You are viewing a plain text version of this content. The canonical link for it is here.
Posted to commits@spark.apache.org by do...@apache.org on 2019/03/24 06:13:47 UTC

[spark] branch master updated: [SPARK-27241][SQL] Support map_keys and map_values in SelectedField

This is an automated email from the ASF dual-hosted git repository.

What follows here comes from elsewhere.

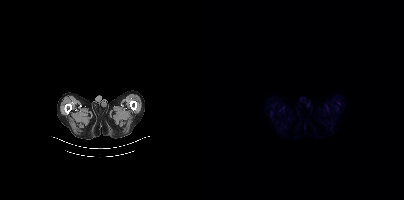
modality: PSMA PET/CT | tracer: 18F-PSMA | view: axial | PET grid: 200×200
No tumor lesions annotated on this slice.

dongjoon pushed a commit to branch master
in repository https://gitbox.apache.org/repos/asf/spark.git


The following commit(s) were added to refs/heads/master by this push:
     new 6f18ac9  [SPARK-27241][SQL] Support map_keys and map_values in SelectedField
6f18ac9 is described below

commit 6f18ac9e99a330d4df1826c5beae11d883a0fceb
Author: Liang-Chi Hsieh <vi...@gmail.com>
AuthorDate: Sat Mar 23 23:13:31 2019 -0700

    [SPARK-27241][SQL] Support map_keys and map_values in SelectedField
    
    ## What changes were proposed in this pull request?
    
    `SelectedField` doesn't support map_keys and map_values for now. When map key or value is complex struct, we should be able to prune unnecessary fields from keys/values. This proposes to add map_keys and map_values support to `SelectedField`.
    
    ## How was this patch tested?
    
    Added tests.
    
    Closes #24179 from viirya/SPARK-27241.
    
    Authored-by: Liang-Chi Hsieh <vi...@gmail.com>
    Signed-off-by: Dongjoon Hyun <dh...@apple.com>
---
 .../sql/catalyst/expressions/SelectedField.scala   |  22 +++++
 .../catalyst/expressions/SelectedFieldSuite.scala  | 103 ++++++++++++++++++++-
 2 files changed, 121 insertions(+), 4 deletions(-)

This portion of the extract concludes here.